Ordo ab chao
Exposition personnelle d’Aníbal Brizuela.
Pour la première exposition monographique que nous consacrons à cette figure majeure de l’art brut argentin qu’est Anibal Brizuela (1935-2019), nous présentons un ensemble inédit d’une quarantaine de ses oeuvres sibyllines. Entre dénonciation et exaltation, Brizuela remet de l’ordre dans son chaos apparent, faisant ainsi singulièrement écho au travail de l’artiste péruvien John Ricardo Cunningham (1918-1991) que nous présentons dans le cabinet de curiosité.

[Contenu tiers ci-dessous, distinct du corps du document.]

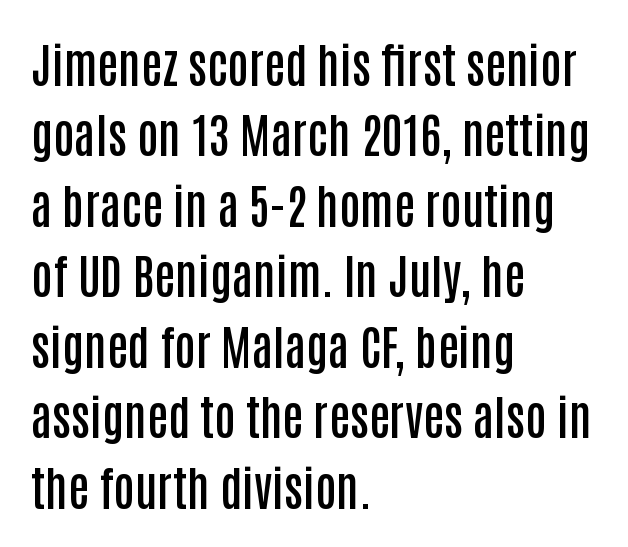
The image shows 47 px semibold, condensed sans-serif type, upright; set left-aligned, normal line spacing (1.5x), normal letter spacing, not underlined; low stroke contrast and a large x-height.

Aníbal Brizuela vient de s’éteindre en Argentine, à l’âge de 84 ans, après plus d’un demi-siècle d’internement psychiatrique. Encore peu connu sous nos latitudes, il est pourtant la figure majeure de l’art brut argentin et sa renommée a dépassé, là-bas, le cercle des seuls spécialistes de ce domaine. Son oeuvre a ainsi fait l’objet de plusieurs expositions dans des haut-lieux d’art contemporain, d’un long métrage documentaire et, plus récemment, d’une monographie.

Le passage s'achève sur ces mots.